Additionally, I plotted a partial autocorrelation function using statsmodels. Notably, partial autocorrelation appears to drop to zero for lag values greater than 2.

Lag Order Selection

The number of lags amount to the number of preceding days included as predictor values in the model. The statsmodels function select_order() was used to assess an optimal lag value with possibilities between 0 and 15. The optimal lag value was determined using four information criteria — Akaike Information Criteria (AIC), Bayes Information Criterion (BIC), Final Prediction Error (FPE), and Hannan-Quinn (HQ) criterion. This selection process yielded a tie with lag-1 and lag-2 each labeled as the minimum on these criteria. In this case, I selected lag-2 based on prior knowledge of sleep quality and the onset of mood states.

  AIC BIC FPE HQIC
0 1.688 1.708 5.408 1.695
1 -0.02482 0.09412* 0.9755 0.01979*
2 -0.03545* 0.1826 0.9652* 0.04635
3 -0.03417 0.2830 0.9664 0.08481
4 -0.02907 0.3872 0.9714 0.1271
5 -0.02537 0.4900 0.9750 0.1680
6 -0.01701 0.5975 0.9832 0.2135
7 -0.01940 0.6943 0.9809 0.2483
8 -0.01014 0.8026 0.9900 0.2948
9 -0.0008049 0.9111 0.9993 0.3413
10 0.01201 1.023 1.012 0.3913
11 0.02510 1.135 1.026 0.4415
12 0.03723 1.246 1.038 0.4909
13 0.04867 1.357 1.050 0.5395
14 0.06022 1.468 1.063 0.5882
15 0.07076 1.577 1.074 0.6359

Vector Autoregression Model

All time series under analysis were found to be stationary (ADF test $p$ < .05). The results of the VAR(2) model predicting mood states using sleep score are shown below. Sleep score was found to be a significant positive predictor of depression, also confirmed via Granger causation tests. Sleep score did not positively or negatively predict other mood states in this model.

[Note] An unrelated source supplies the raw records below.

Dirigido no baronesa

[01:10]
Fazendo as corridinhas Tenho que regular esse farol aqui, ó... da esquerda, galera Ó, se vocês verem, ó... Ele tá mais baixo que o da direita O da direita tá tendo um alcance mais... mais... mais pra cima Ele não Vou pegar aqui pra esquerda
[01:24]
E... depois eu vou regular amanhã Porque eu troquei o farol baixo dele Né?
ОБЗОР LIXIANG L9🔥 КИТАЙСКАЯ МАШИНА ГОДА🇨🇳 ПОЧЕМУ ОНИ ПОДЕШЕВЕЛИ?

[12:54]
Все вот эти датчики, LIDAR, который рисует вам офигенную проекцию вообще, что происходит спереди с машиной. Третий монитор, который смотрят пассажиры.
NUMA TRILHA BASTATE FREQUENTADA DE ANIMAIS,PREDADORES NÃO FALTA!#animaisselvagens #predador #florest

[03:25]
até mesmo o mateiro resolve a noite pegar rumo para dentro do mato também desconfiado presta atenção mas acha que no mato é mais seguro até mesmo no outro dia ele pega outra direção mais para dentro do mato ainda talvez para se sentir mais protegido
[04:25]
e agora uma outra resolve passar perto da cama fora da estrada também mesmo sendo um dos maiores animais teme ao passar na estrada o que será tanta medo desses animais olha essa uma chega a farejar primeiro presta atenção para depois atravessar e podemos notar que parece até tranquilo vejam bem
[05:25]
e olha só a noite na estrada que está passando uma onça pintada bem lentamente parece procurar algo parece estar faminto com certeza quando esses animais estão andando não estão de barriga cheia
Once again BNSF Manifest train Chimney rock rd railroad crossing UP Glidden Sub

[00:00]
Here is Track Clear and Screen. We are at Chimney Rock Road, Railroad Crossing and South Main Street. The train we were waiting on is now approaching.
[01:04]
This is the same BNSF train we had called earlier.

  Coefficient Std. error Test statistic p-value
L1.score 0.633262 0.027574 22.966 0.000
L1.anxious 0.153275 0.446110 0.344 0.731
L1.depressed 0.477164 0.409130 1.166 0.243
L1.irritable -0.282988 0.412509 -0.686 0.493
L1.elevated -0.220198 0.655784 -0.336 0.737
L2.score -0.003080 0.027452 -0.112 0.911
L2.anxious 0.353528 0.445359 0.794 0.427
L2.depressed 1.241873 0.409667 3.031 0.002
L2.irritable -0.080069 0.412341 -0.194 0.846
L2.elevated -0.499540 0.657230 -0.760 0.447

Granger Causality

The results of the Granger causation tests are shown below. Sleep score was shown to Granger-cause both depressed and anxious mood.

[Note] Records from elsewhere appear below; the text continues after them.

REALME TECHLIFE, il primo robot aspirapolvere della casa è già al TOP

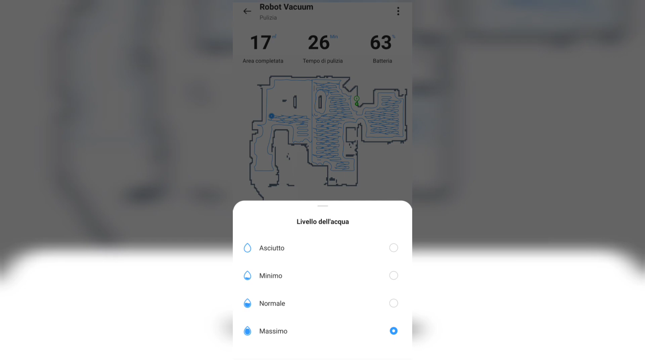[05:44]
Nell'applicazione ci troveremo subito di fronte al menu all'area che ha completato il tempo di pulizia e la batteria il livello della batteria ora guardiamo col livello dell'acqua erogata l'aspirazione che può essere aspirazione mocio o aspirazione più mocio
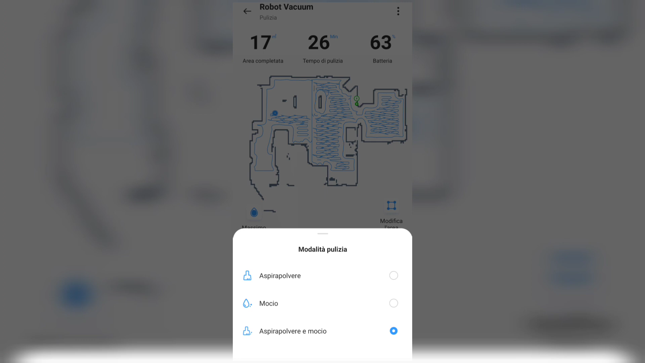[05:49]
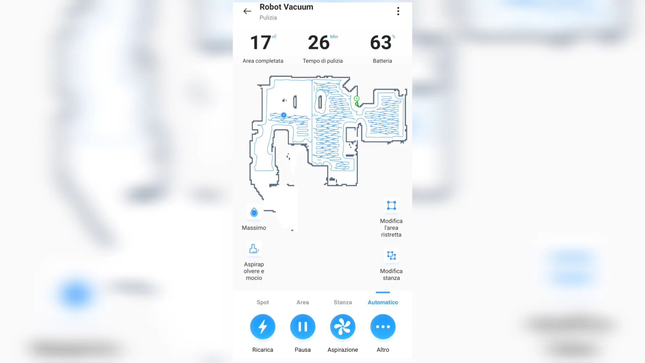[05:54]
il livello di aspirazione che può avere quattro livelli come vedete io lo sto tenendo ora sul penultimo
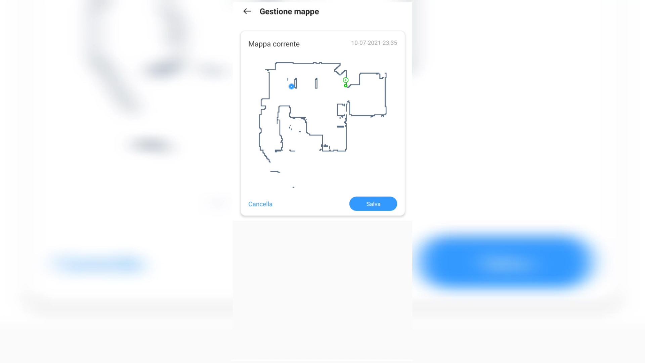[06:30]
il percorso di lavaggio pavimento che parlavamo prima che a S è normale a
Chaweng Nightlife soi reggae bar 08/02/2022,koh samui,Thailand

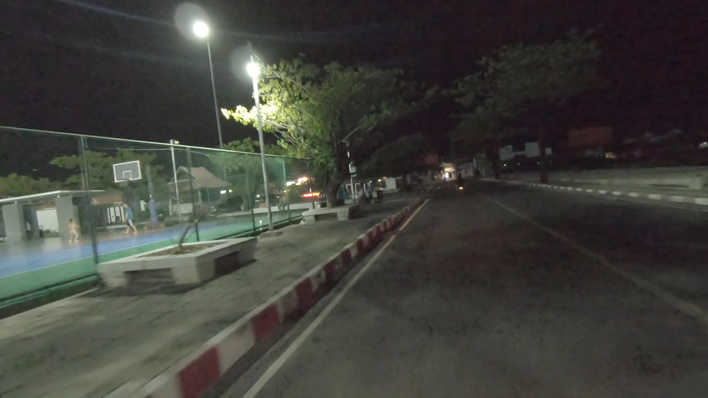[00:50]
This is where they play basketball, the lake. Now let's take a look at Soi Reggae Bar.
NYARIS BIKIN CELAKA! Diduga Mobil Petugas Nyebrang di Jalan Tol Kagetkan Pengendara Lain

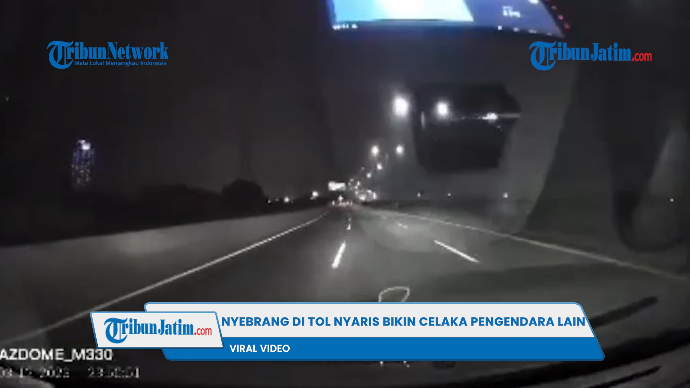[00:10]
Beredar video diduga mobil petugas perbaikan jalan tiba-tiba menyeberang di jalan tol hingga membahayakan pengendara lain. Insiden tersebut terjadi di jalan tol Bandara Arahpriok. Video tersebut diunggah akun Instagram Dashcam Owners Indonesia pada Senin, 13 Maret 2023. Kejadian barusan ditol dari Bandara Arahpriok. Mobil petugas perbaikan jalan tiba-tiba menyeberang dari kiri. Tidak ada aba-aba ataupun penanda kone dan lampu panjang.
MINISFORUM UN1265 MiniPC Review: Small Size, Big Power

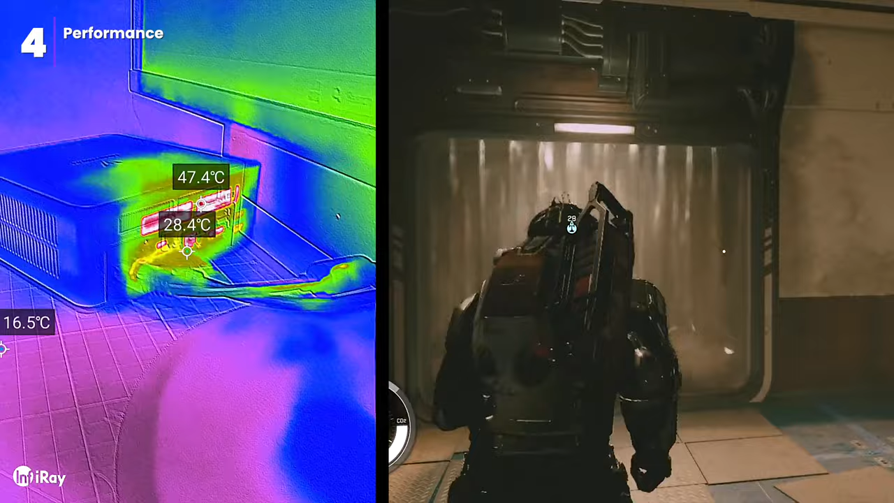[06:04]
I tried playing Starfield in HD with the lowest possible settings, and as you can see the temperatures did spike significantly, which is to be expected given the demanding nature of the game.

Causal Variable Variable Test statistic Critical value p-value df
sleepscore depressed 5.384 2.997 0.005 (2, 6535)
sleepscore anxious 3.294 2.997 0.037 (2, 6535)
sleepscore irritable 1.347 2.997 0.260 (2, 6535)
sleepscore elevated 1.203 2.997 0.500 (2, 6535)

Impulse Response Analysis

As shown in the figure below, the impact of sleep score on the four self-reported mood states varies over a 10-day period. Standard errors are plotted at the 95% significance level. The effect of an impact on sleep score on depressed and anxious moods appear to be most felt only after several days of its impact, peaking at roughly 3 days and then gradually decaying.

Discussion

This exploratory study affirms the role that self-tracking technologies can play in the ongoing management of affective disorders. This type of N-of-1 analysis would be impossible without inexpensive wearable sensors, and the quality of this dataset is directly related to how non-invasive this particular wearable is.

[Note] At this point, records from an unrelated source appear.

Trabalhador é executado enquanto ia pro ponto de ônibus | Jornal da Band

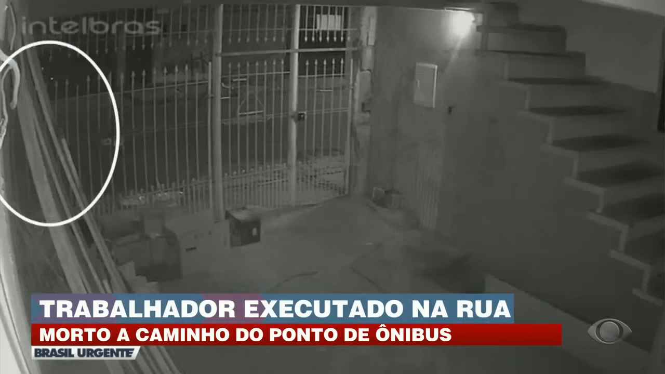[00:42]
A câmera de monitoramento da casa da própria vítima gravou parte da ação. Reparem no portão. O homem passa caminhando, está indo para o trabalho. Logo atrás, um veículo preto o segue. E na sequência, os tiros. A Dilson Oliveira de Lima, de 38 anos, foi atingido no rosto e peito. Ele chegou a pedir socorro, mas todos ficaram com medo de sair e ver do que se tratava, já que ouviram disparos antes. Primeiro ele falou socorro duas vezes, depois ele só gritava. Ai, ai, ai.
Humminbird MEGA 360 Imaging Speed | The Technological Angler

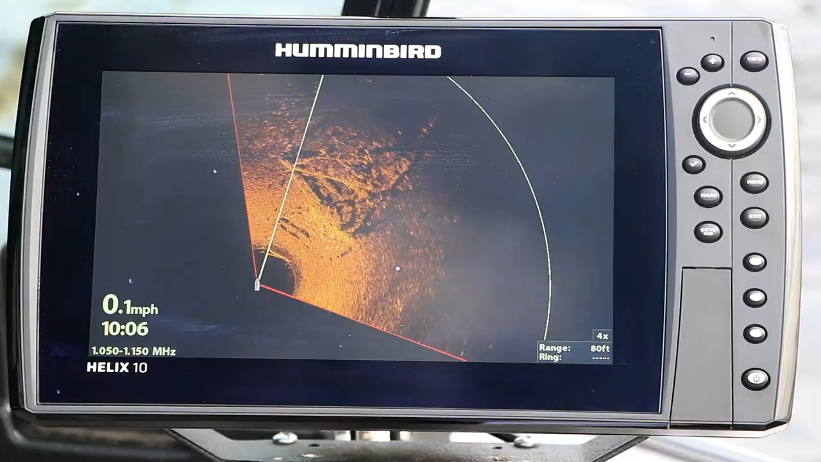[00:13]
On screen: speed 0.1 mph
When I talk about detail, I'm of course describing my ability to interpret and identify objects that I see in my 360 imaging view. Detail is also critically important when I'm trying to identify fish that are holding on and near cover,
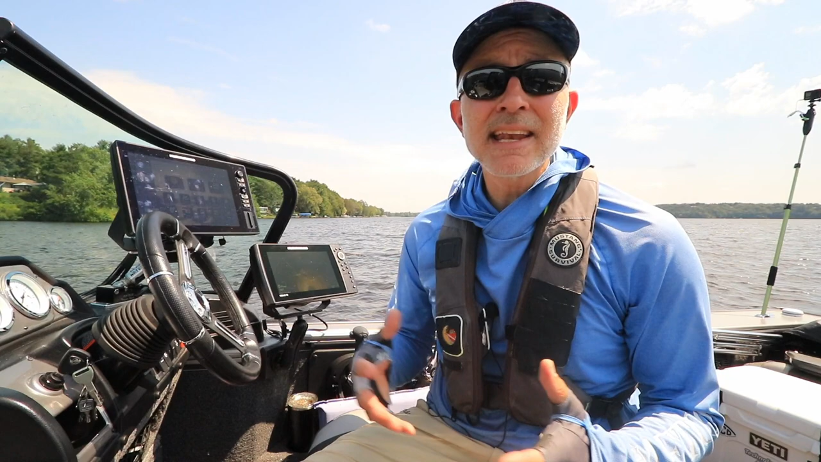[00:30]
like the crappies and walleyes that are tucked in tight to this brush pile. Now when I'm talking about timely or real-time information, what I'm really describing is how recent the information is that's displayed on my Mega 360 imaging view.
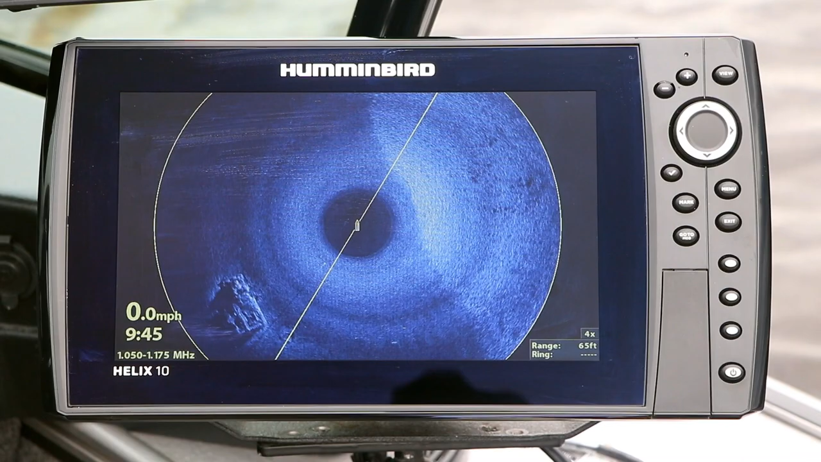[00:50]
On screen: speed 0.0 mph
As the Mega imaging beam rotates around in a clockwise direction, new information is plotted each time that rotating white line passes every point on the display.
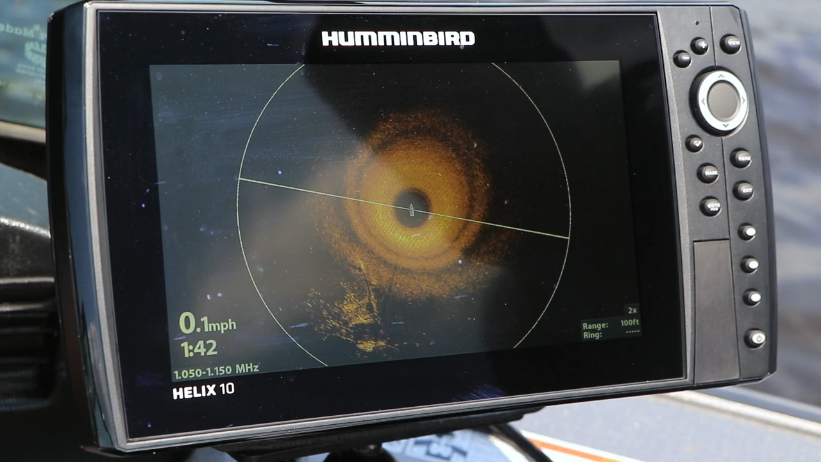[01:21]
On screen: speed 0.1 mph
One of the tools I have available to balance the detail and the timeliness of the information on the display is 360 speed.
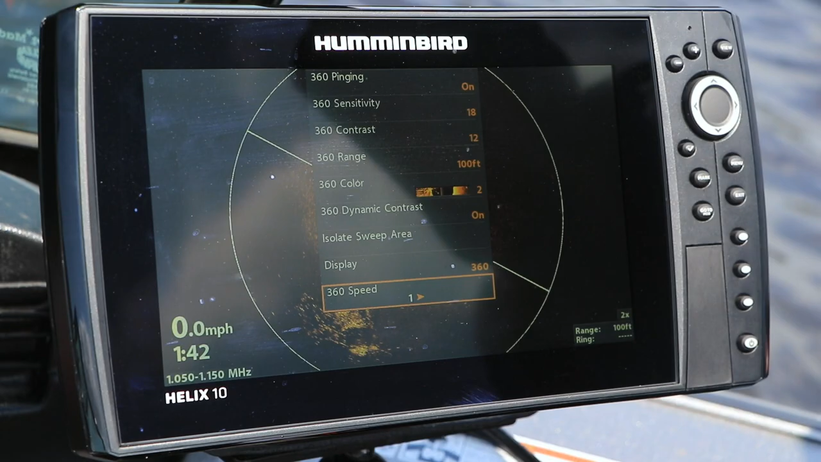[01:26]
On screen: speed 0.0 mph
360 speed controls the rate of rotation of the Mega imaging transducer within the 360 imaging pod. 360 speed can be set to values between 1 and 6. As you increase 360 speed, the timeliness of the data increases while the amount of detail on the display decreases.
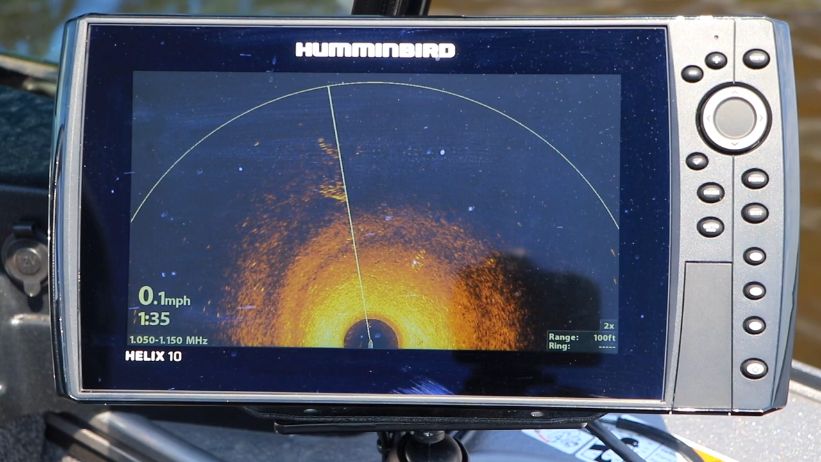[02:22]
On screen: speed 0.1 mph
These settings provide a very usable level of detail on my sonar targets, and also refresh the image either 2 or 3 times every minute.

This work is limited in several ways. My reliance on an algorithmic ADF test to assess stationarity (rather than directly assessing the data myself) could leave room for error. Additionally, this work only assesses the influence of the Oura sleep score on mood. In reality, this is likely closer to a bidirectional influence and this should be reflected properly in the analysis.